Italeri first released this Staghound kit in 2007 under number 6549. They used this kit to make a AA version in 2008, number 6563. Tamiya re-boxed it in 2008 as their number 89770. Italeri used this kit in 2009 as the base for their Mark III, a staghound with a Crusader turret on it. This kit being reviews is basically a re-box on the original 2007, but without a 48 page reference book that was in the original.
The kit includes four medium green colored sprues, a 6” piece of thin thread for the tow cable, a 37mm metal gun barrel, a clear plastic sheet on sticky paper with the spotlight lens and two front windows cut into it. The photo-etched sheet is only about 3”x3” and includes headlight guards, tool straps, fuel tank straps and front windows frames with wiper blades. All the sprues were packaged in the same bag. I had three parts that were broken off and scuff marks on the fenders and hull from the sprues rubbing together. The instruction sheet is 16 pages with 22 steps and five painting/decaling versions. Something I noticed different about these instructions is that list parts by their part number first then the sprue letter – just the opposite of most other manufactures. Plus, they are not drawings, they are photos of the kit parts with lines showing where to mount them.

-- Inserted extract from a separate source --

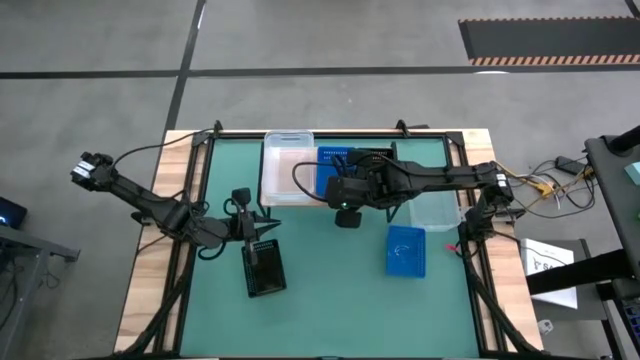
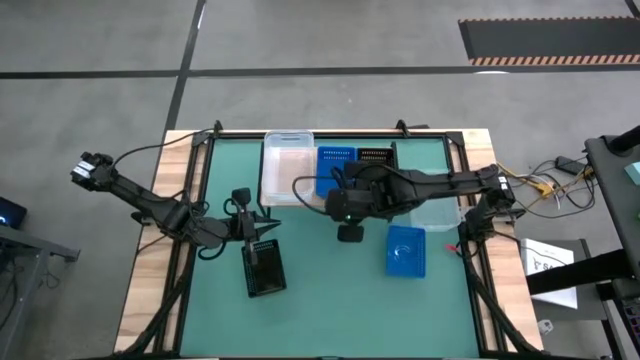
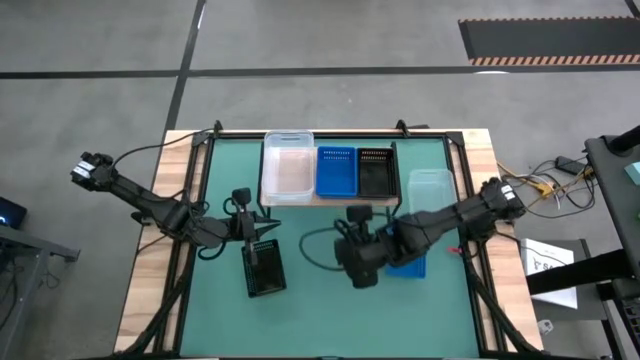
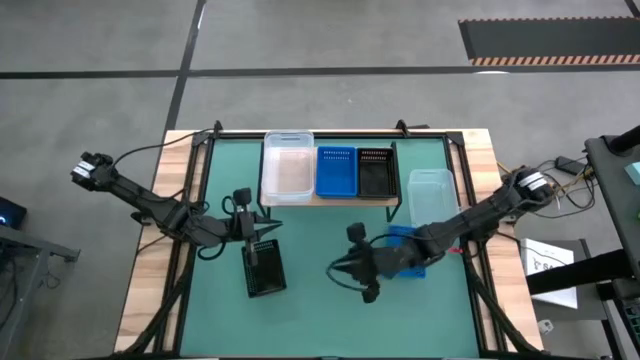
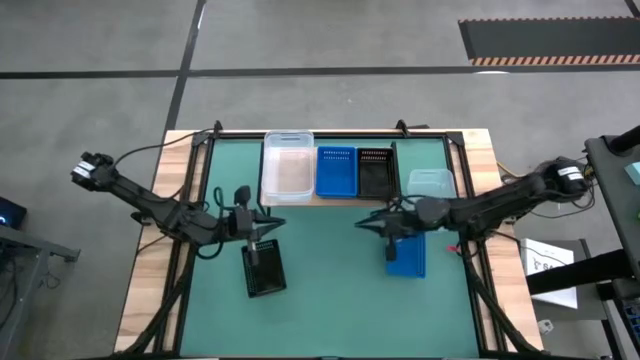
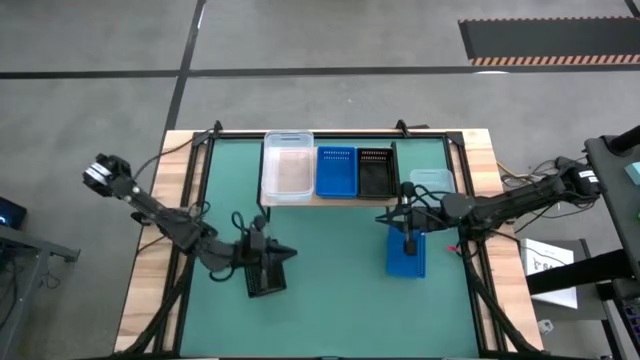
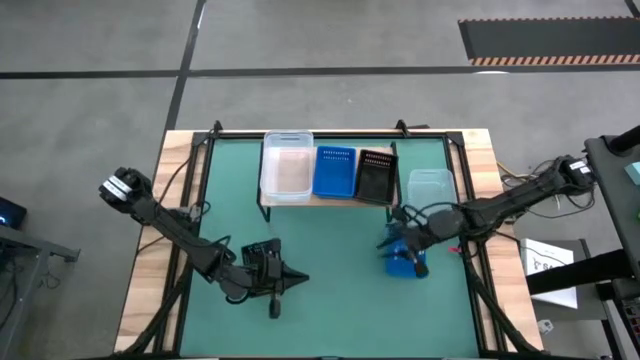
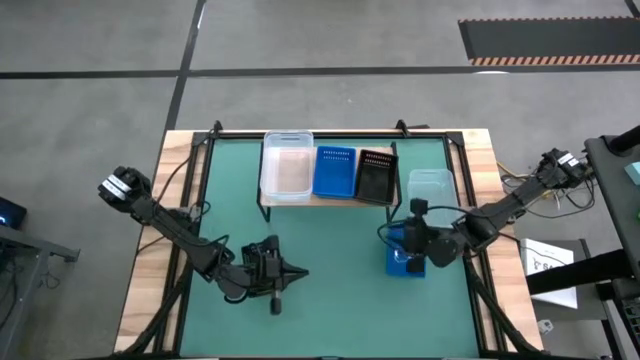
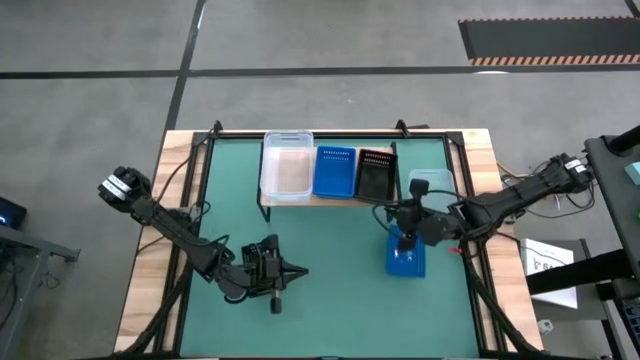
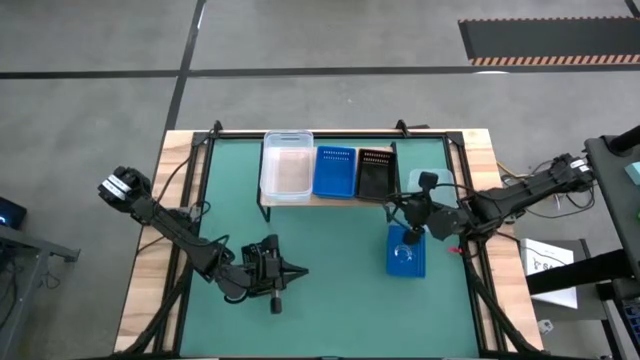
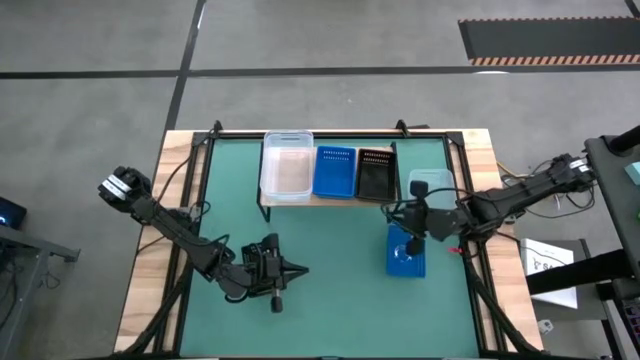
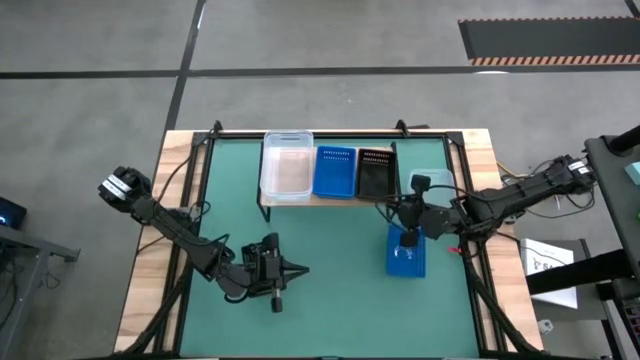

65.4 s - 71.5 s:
Task: Stack baskets on shelf by color
Adjust the black bin on the shelf

Assembly starts with six-piece hull and moves onto the suspension. Aligning the hull pieces together is tricky since they do not really have a positive fit position. I did step two first which is gluing the rear two plates onto the bathtub hull since they had better alignment marks. I then went back to step one and glued the front plates on. The suspension also is a little sloppy fitting. It is very easy to get the leaf springs misaligned, then they will not fit the mounting brackets you must glue on the hull. The mounting brackets have a small divot in the hull to glue too. A pin on the brackets and hull hole would have worked much better. This is a foreshadowing of the rest of the construction. There are faint outlines on the hull where parts need to be attached-no positive, locking fit. The weld marks on the rear hull do not line with where the parts come together. Also, most of the weld marks look like little rivets all in a row.

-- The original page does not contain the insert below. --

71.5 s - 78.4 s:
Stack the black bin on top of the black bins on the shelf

When building the two side fuel tanks, they show building the tanks and mounting boxes off the vehicle, then in the next step. Gluing his assembly to the hull. I think it would be a lot easier and get a better fit by building these assemblies on the hull. I had trouble with the photo etched fuel tank straps not connecting to the hull mounted attachments points. The tanks can be glued into the wrong position very easily, which will cause problems later when trying to mount the fenders or side doors. The mounts do not line up with the weld seams on the hull. If you build up these assemblies on the hull, you can adjust the position to get all these seams to line up properly.
The fenders will need some sanding and cutting to get them to fit the contours of the hull correctly. There is a shallow channel in the hull that about half the fender fits into, so I glued this section first, then the next night, glued the back sections and held them in place until dry. I still ended up with a small gap in the front fenders. The instructions fail to tell you to drill the holes in the front fenders for the mirror mounts.
With the hull about half way complete, the instructions jump to building the turret for the next five steps. I skipped this and finished the hull using the last six steps. The headlights have no clear parts for the lens and the plastic lens parts have a sink hole in them. Drilling them out and filling with a clear paste would improve the look. The photo etched headlight guards need to be bent using the template on the A sprue you must cut off. This works well and they have a solid mounting point on the hull brackets. The photo etched tool straps are easy to install on the tools, just bend them around the handle and glue together. I wish I would have test fit the wheels before painting, since I went to install them at the end and the car does not sit evenly. Only three wheels touch the ground, the fourth is about ¼ high and I am not sure why.
The turret assembly is quick, since there is limited interior parts. There is a turret basket with a couple seat and a simple gun breach. The 37mm metal gun barrel in a nice inclusion, but does not have the taper that the real 37mm had. The co-axle machine gun barrel needs to be drilled out and the cooling jacket in not well detailed. Same with the 30-caliber machine gun on the top. A photo etched replacement barrel would help here. The seam where the turret top and bottom meets is large. On the real vehicle, this was a casting seam, so I loaded it with glue and squeezed the parts together to get a bead of melted plastic to fill this void. The instruction says to paint the interior of the top hatches gloss white. This is wrong and one of my modeling pet-peeves. As far as I know, all countries painted hatch interior the same color as the external color as you would not want a huge, white hatch totally ruin your camouflage or been seen from the air.
The decals are very good and thin. I have no problems applying them and with just one application of setting solution, they conformed to the paint great. I like the different vehicle represented on this decal sheet. I was wondering why there was no national insignia stars, but after some internet research, I never found a Staghound with a star on it. I used the decals for the Polish vehicle that served in Italy. I did add the French vehicle triangle to the turret for a little more detail.
This was a quick and enjoyable build. I finish construction in about 10 days with the most time spent on cleaning up parts and correcting some fit errors. This really is not a difficult kit to build and has room for a lot of added details. There are a few after-market photo etched sets available, along with replacement barrels.
I would like to thank Hobbico and IPMS for the opportunity to build this kit.